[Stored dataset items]
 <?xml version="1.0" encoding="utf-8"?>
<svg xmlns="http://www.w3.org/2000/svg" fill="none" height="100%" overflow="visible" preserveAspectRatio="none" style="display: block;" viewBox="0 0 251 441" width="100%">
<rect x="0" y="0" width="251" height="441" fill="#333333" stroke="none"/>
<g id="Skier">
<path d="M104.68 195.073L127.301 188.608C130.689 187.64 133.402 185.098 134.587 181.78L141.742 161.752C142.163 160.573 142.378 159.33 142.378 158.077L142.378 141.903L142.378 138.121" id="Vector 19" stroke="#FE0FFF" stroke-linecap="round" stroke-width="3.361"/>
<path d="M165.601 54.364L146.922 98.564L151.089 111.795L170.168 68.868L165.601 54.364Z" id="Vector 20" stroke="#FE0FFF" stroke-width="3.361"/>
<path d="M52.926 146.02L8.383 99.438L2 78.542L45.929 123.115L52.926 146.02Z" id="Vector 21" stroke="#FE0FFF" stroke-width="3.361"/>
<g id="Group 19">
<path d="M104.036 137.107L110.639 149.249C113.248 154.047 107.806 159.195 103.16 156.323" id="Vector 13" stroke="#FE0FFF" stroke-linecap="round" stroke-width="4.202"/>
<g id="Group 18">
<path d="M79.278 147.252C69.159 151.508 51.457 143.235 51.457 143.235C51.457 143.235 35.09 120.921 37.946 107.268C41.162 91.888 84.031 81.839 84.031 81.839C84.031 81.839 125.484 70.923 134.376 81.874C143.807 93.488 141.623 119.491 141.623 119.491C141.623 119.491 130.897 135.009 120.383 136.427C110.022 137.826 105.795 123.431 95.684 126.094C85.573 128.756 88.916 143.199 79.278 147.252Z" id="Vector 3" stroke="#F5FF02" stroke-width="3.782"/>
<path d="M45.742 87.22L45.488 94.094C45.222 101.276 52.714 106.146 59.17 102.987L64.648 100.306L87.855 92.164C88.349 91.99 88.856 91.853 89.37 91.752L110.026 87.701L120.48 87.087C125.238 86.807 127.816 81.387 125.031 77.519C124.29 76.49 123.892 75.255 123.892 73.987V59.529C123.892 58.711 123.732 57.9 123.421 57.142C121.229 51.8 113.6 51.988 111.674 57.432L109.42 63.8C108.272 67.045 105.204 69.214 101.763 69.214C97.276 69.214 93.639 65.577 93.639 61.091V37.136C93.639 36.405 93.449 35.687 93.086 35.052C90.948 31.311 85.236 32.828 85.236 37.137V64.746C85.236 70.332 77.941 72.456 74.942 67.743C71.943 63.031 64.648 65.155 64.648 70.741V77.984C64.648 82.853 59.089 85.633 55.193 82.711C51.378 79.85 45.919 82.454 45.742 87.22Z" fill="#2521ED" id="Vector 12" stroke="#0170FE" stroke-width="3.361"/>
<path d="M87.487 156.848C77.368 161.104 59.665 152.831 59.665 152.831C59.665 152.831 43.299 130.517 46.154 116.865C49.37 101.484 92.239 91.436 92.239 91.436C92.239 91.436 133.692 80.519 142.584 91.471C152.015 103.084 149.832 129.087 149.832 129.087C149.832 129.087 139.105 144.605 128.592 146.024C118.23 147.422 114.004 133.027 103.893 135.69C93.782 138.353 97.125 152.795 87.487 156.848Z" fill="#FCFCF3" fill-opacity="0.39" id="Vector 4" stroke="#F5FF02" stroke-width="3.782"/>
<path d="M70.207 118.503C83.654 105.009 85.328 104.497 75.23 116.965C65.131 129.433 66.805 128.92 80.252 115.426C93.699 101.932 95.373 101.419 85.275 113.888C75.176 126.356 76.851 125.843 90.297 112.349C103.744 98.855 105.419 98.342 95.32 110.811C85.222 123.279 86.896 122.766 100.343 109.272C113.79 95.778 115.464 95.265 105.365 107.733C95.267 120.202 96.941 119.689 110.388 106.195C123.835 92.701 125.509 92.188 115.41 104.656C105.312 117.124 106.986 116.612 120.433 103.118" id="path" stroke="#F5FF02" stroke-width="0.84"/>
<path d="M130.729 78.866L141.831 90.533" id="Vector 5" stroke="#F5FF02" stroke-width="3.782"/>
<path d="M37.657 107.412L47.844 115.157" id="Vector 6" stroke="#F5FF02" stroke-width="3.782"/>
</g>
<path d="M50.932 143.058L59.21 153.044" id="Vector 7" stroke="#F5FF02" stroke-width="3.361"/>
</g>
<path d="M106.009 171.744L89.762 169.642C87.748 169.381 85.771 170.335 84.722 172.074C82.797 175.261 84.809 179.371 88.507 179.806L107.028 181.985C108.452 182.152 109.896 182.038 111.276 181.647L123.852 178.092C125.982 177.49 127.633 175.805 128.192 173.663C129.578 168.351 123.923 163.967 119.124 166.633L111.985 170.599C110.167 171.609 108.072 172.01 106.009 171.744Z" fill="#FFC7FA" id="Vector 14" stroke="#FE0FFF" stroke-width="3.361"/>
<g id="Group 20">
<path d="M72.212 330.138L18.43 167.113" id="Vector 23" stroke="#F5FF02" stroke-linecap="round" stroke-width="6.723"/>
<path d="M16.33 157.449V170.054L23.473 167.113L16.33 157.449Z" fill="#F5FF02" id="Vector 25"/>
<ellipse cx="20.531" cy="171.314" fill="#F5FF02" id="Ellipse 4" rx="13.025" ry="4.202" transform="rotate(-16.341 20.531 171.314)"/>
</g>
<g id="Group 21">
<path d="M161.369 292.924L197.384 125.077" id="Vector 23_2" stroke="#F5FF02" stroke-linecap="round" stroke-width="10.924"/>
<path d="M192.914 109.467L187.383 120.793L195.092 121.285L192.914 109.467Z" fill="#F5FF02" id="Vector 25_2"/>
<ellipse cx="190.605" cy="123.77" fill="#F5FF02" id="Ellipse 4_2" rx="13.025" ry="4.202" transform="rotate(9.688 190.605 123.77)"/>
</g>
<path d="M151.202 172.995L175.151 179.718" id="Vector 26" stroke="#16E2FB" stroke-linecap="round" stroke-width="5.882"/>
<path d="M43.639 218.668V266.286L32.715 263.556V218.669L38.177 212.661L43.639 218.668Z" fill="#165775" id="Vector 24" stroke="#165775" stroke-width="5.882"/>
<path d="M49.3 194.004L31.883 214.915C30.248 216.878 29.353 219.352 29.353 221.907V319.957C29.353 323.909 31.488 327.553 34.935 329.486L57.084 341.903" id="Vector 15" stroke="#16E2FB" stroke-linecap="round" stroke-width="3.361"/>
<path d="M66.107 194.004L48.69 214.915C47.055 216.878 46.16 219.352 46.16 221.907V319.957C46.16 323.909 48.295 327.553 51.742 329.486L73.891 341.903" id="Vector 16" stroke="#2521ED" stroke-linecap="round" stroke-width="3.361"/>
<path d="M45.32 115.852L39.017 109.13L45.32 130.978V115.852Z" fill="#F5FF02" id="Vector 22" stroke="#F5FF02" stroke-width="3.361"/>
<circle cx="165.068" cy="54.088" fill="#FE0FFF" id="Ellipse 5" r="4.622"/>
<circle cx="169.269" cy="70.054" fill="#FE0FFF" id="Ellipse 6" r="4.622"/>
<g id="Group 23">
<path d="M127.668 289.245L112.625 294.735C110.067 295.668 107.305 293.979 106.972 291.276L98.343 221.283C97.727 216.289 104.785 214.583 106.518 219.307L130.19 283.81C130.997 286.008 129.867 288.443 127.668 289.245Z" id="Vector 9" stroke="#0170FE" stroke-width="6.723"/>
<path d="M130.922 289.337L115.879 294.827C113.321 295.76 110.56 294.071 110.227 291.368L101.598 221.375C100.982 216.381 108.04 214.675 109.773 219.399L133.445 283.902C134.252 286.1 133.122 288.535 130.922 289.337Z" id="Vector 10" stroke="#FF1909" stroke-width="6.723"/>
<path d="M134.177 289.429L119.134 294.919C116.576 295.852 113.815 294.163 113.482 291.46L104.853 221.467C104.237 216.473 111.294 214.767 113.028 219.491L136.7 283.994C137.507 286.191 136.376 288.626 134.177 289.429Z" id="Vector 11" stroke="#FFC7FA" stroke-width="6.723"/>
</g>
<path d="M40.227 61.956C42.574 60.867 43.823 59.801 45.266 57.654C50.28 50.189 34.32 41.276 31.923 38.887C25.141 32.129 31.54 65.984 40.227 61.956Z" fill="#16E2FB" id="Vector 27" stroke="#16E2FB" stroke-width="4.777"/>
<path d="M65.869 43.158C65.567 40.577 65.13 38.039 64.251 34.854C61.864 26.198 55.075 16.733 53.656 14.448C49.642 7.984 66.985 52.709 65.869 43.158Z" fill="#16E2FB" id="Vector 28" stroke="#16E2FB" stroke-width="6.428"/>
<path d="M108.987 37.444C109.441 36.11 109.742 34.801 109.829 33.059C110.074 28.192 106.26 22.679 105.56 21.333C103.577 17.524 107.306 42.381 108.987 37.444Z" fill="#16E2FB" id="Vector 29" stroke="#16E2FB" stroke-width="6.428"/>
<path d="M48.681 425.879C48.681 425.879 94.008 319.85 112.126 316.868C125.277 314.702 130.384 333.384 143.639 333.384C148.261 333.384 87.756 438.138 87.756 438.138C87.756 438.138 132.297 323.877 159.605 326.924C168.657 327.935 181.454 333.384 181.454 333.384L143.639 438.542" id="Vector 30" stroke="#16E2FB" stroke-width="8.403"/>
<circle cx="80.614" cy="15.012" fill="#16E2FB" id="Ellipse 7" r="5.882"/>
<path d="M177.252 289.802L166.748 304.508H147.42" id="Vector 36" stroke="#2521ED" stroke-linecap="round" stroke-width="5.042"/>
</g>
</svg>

§ Activity: Every line in the records above that contains the word "none" should be copied out.

§ Task solution:
<svg xmlns="http://www.w3.org/2000/svg" fill="none" height="100%" overflow="visible" preserveAspectRatio="none" style="display: block;" viewBox="0 0 251 441" width="100%">
<rect x="0" y="0" width="251" height="441" fill="#333333" stroke="none"/>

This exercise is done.